Cette nouvelle exécution est la première en public dans le contexte des manifestations suscitées par la mort, le 16 septembre, de Mahsa Amini, une Kurde iranienne de 22 ans, décédée après avoir été arrêtée par la police des mœurs pour avoir enfreint le code vestimentaire strict imposé aux femmes dans le pays. Le système judiciaire iranien a déclaré avoir prononcé à ce jour onze condamnations à mort en rapport avec les manifestations, qualifiées par les autorités de « troubles ».

Mais selon les militants, une douzaine d’autres personnes risquent d’être condamnées à mort. « Pas de procédure régulière. Des procès fictifs. C’est ainsi qu’ils veulent mettre un terme aux manifestations dans tout le pays », a déclaré Omid Memarian, analyste de l’Iran pour l’organisation Democracy for the Arab World Now (DAWN). Selon Amnesty International, Mahan Sadrat, 22 ans, condamné à mort à l’issue d’un procès sommaire et « inéquitable » le 3 novembre, a été transféré samedi à la prison de Rajai Shahr à Karaj, près de Téhéran, « faisant craindre une exécution imminente », comme le rapportait hier Télam. Il a été reconnu coupable d’avoir sorti un couteau pendant les manifestations, ce qu’il a fermement nié devant le tribunal.

Amnesty International a également signalé que la vie d’un autre jeune homme, Sahand Nourmohammadzadeh, est en danger après qu’il ait été condamné à mort le 6 novembre pour avoir « détruit des parapets d’autoroute et brûlé des poubelles et des pneus ». Parmi les autres personnes condamnées à la même peine figure le rappeur Saman Seyedi, 24 ans, membre de la minorité kurde iranienne. Un autre rappeur, Toomaj Salehi, qui a soutenu les manifestations contre le régime, est accusé de « corruption sur terre » et pourrait être condamné à la peine de mort, ont confirmé les autorités judiciaires iraniennes le mois dernier.

De nouvelles manifestations

Quelques heures après l’annonce de la deuxième exécution, des militants iraniens ont appelé la population à redescendre dans la rue pour dénoncer les autorités. « Appel urgent sur les places principales des villes », pouvait t-on lire dans l’appel lancé par un collectif de militants au nom de Mayid Reza Rahnavard. Un autre groupe de militants a appelé à une marche silencieuse demain pour dénoncer les exécutions et les arrestations de manifestants qui protestent depuis la mort de Mahsa Amini en septembre. « Demain, nous marcherons en silence » et « tiendrons des rassemblements nocturnes » dans différents endroits, pouvait-on lire dans l’appel.

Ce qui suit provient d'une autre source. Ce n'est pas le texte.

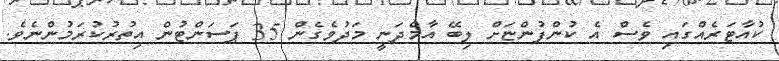
ކުއާޓަރެއްގައި ވެސް އެ ކުންފުންޏަށް ލިބޭ އާމްދަނީ މަދުވެގެން 35 ޕަސަންޓުން އިތުރުކުރަމުންނެވެ.
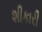
શીકારી
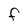
Character: F
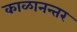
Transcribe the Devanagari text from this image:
काळानन्तर
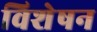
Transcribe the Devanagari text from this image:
विशेषन
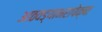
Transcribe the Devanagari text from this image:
आठवड्याभरापेक्षा
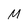
Character: M
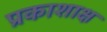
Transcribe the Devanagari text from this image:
प्रकाशाक्ष
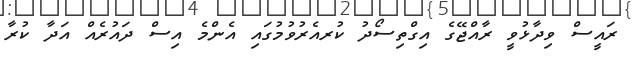
ރައީސް ވިދާޅުވީ ރާއްޖޭގެ އިގްތިސޯދު ކުރއެރުވުމުގައި އެންމެ އިސް ދައުރެއް އަދާ ކުރާ
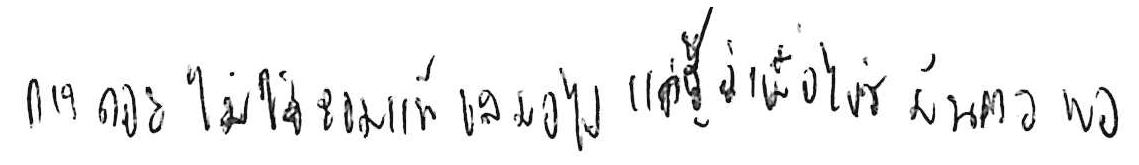
การถอย ไม่ใช่ยอมแพ้ เสมอไป แค่รู้ว่าเมื่อไหร่ มันควรพอ
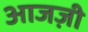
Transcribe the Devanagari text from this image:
आजज़ी
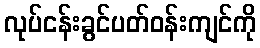
လုပ်ငန်းခွင်ပတ်ဝန်းကျင်ကို
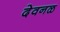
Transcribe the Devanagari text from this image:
देवनळ
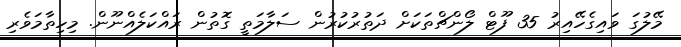
މޭލުގަ ވައިގެހޭއިރު 35 ފޫޓް ލޯންޗްތަކަށް ދަތުރުކުރުން ސަލާމަތީ ގޮތުން ރައްކަލެއްނޫން. މިހިތާމަވެރި
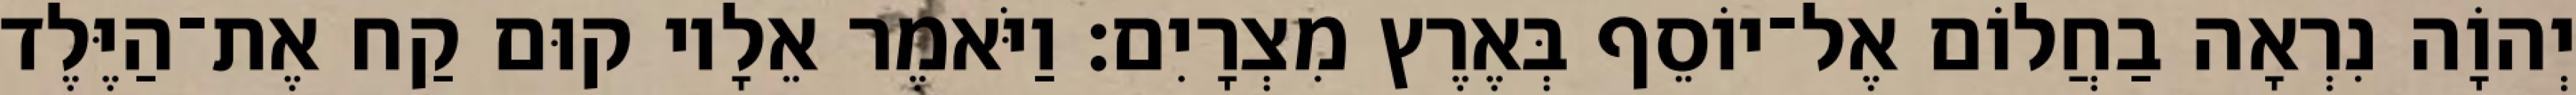
יְהוָֹה נִרְאָה בַחֲלוֹם אֶל־יוֹסֵף בְּאֶרֶץ מִצְרָיִם׃ וַיֹּאמֶר אֵלָיו קוּם קַח אֶת־הַיֶּלֶד
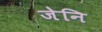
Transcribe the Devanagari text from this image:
जेनि
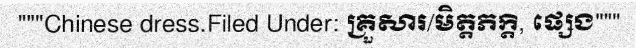
"""Chinese dress.Filed Under: គ្រួសារ/មិត្តភក្តិ, ផ្សេង"""
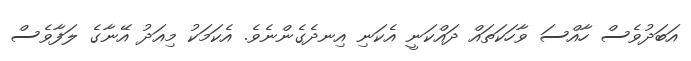
އަބަދުވެސް ހާއްސަ ވާހަކަތައް ދައްކަނީ އެކަނި އިނދެގެންނެވެ. އެކަމަކު މިއަދު އޭނާގެ ލަފާވެސް
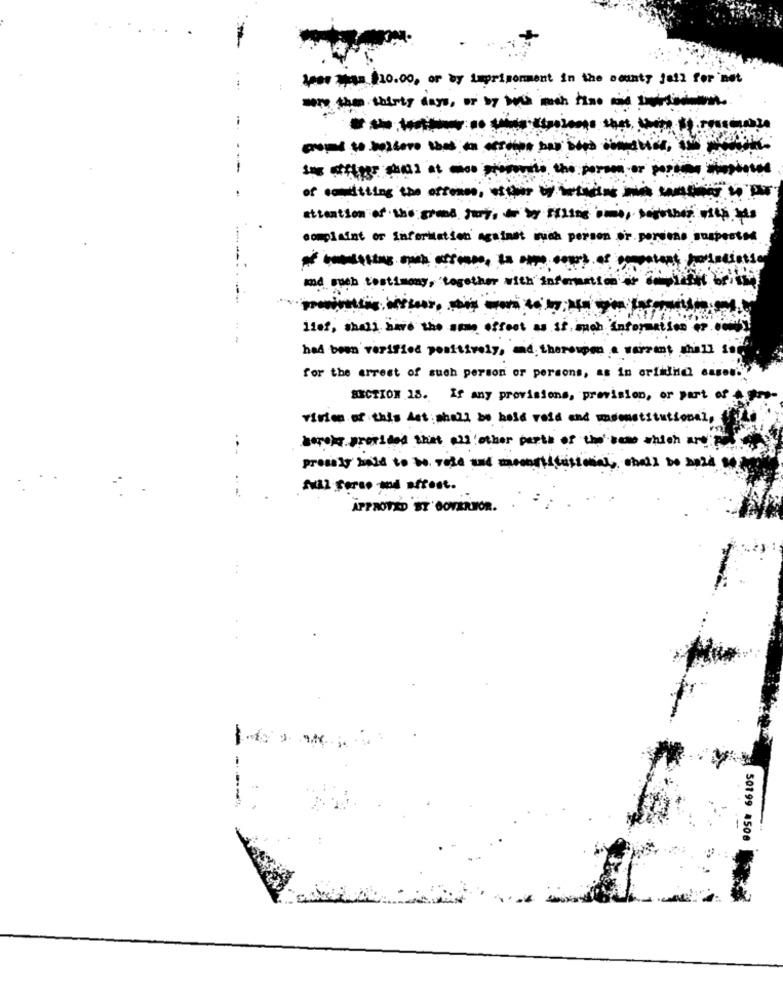
for $10.00, or by imprisonment in the county jail for not
-----------
---
attention of the grand jury, aby ssins , sogeben sept
complaint or information against such person or persons suspected
md mich tostimmy, together with informatsachet
----------
lief, shall have the same effect as is much information or .com
- -
had been verified positively, and, thereupon a warrant will son
for the arrest of such person or persons, as in orfidicl cases.
SECTION 18. If any provisions, prevision, or part of A pro-
viries of this Ast shall be hold roid and madenstitutional,
barely provided that all other parts of the vem which are
prosely bald to be. rose and med
sual forno mod oftest.
APPROVED BY GOVERNOR.
50199 4500
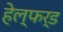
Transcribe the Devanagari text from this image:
हेल्फर्ड
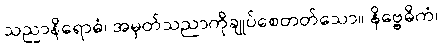
သညာနိရောဓံ၊ အမှတ်သညာကိုချုပ်စေတတ်သော။ နိဗ္ဗေဓိကံ၊
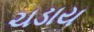
ચડાય
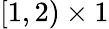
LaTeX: [1,2)\times 1
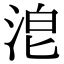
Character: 𣴡
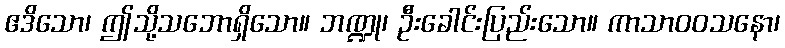
ဧဒိသော၊ ဤသို့သဘောရှိသော။ ဘဏ္ဍု၊ ဦးခေါင်းပြည်းသော။ ကာသာဝဝသနော၊
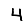
Digit: 4
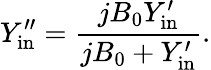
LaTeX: Y_{\mathrm{in}}^{\prime\prime}=\frac{jB_{0}Y_{\mathrm{in}}^{\prime}}{jB_{0}+Y_{\mathrm{in}}^{\prime}}.
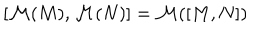
LaTeX: [ { \cal M } ( M ) , { \cal M } ( N ) ] = { \cal M } ( [ M , N ] )
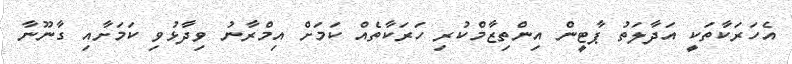
އެހަރަކާތަކީ އަދާލަތު ޕާޓީން އިންތިޒާމްކުރި ހަރަކާތެއް ކަމަށް އިމްރާނު ވިދާޅުވި ކަމަށާއި ގާނޫނާ

La semaine dernière, après l’annonce de la dissolution présumée de la police des mœurs et avant la première exécution, des appels à trois jours de grève ont été lancés, qui se sont en fait concrétisés par une sorte de grève civique dans certaines villes où les commerce étaient fermés, et par des manifestations dans différentes parties du pays.

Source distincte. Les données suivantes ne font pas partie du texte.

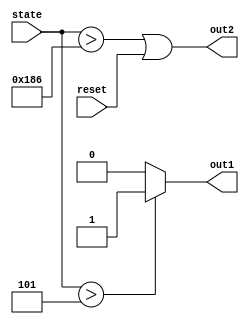
/*
 * Copyright (c) 2001 Uwe Bonnes
 *
 *    This source code is free software; you can redistribute it
 *    and/or modify it in source code form under the terms of the GNU
 *    General Public License as published by the Free Software
 *    Foundation; either version 2 of the License, or (at your option)
 *    any later version.
 *
 *    This program is distributed in the hope that it will be useful,
 *    but WITHOUT ANY WARRANTY; without even the implied warranty of
 *    MERCHANTABILITY or FITNESS FOR A PARTICULAR PURPOSE.  See the
 *    GNU General Public License for more details.
 *
 *    You should have received a copy of the GNU General Public License
 *    along with this program; if not, write to the Free Software
 *    Foundation, Inc., 59 Temple Place - Suite 330, Boston, MA 02111-1307, USA
 */
`define ADC_DATA_OFFSET 5
`define ADC_CHANELS 8*48
//`define ADC_CHANELS 348

module mymod (out1,out2,state,reset);

   input [8:0] state;
   input       reset;
   output      out1,out2;
   assign out1 = (state > `ADC_DATA_OFFSET) ? 1 : 0;
   assign out2 = (state > `ADC_CHANELS + `ADC_DATA_OFFSET +1)|| (reset);

endmodule // mymod

module t;
   reg [8:0] state;
   reg       reset;
   wire      out1,out2;

   mymod m1 (out1,out2,state,reset);

   initial
     begin
        //$timeformat(-9,0,"ns",5);
        $display("   TIME:state:out1:out2");
        $monitor("%7t:%5d:%3d:%3d",$time,state,out1,out2);
        state =0;
        reset = 0;
        #10
          reset=1;
        #20
          reset=0;
        #5110
          $finish;
     end
   always
     begin
        #10
          if (reset)
            state = 0;
          else
            state=state+1;
     end
endmodule // t
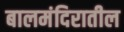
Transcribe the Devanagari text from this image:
बालमंदिरातील
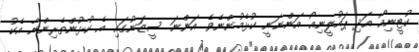
ކުޓީނިއޯ އަދި ޕައުލީނިއޯ އަންނަނީ ކުޅެމުންނެވެ. އަންނަ ސީޒަނުގައި އެ ކުޅުންތެރިންނާ އެކު
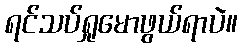
ရင်သပ်ရှုမောဖွယ်ရာပဲ။
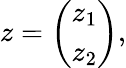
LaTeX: z=\left(\begin{array}{l}{z_{1}}\\ {z_{2}}\end{array}\right),
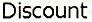
DISCOUNT

Mercredi dernier, lors de la célébration de la Journée des étudiants, les jeunes sont sortis pour défiler et s’exprimer en masse. Les étudiants des universités et des écoles secondaires constituent un secteur clé des manifestations et ont acquis une importance singulière au fil des semaines.

Des étudiants de différentes universités et écoles secondaires ont scandé des slogans anti-régime tels que « Mort au dictateur » et « Avec ou sans hijab, nous allons vers une révolution ! » Défiant la répression brutale et l’intimidation du régime, les jeunes sont un élément clé des mobilisations.

La tentative ratée et tardive d’annoncer la dissolution supposée de la police morale n’a pas servi à arrêter les manifestations, qui en sont maintenant à leur troisième mois. Le régime tente donc d’intimider les manifestants en procédant aux deux premières exécutions et en retenant en otage des milliers de détenus. Mais jusqu’à présent, ils n’ont réussi qu’à accroître la colère des manifestants, qui réclament depuis des semaines la chute du régime.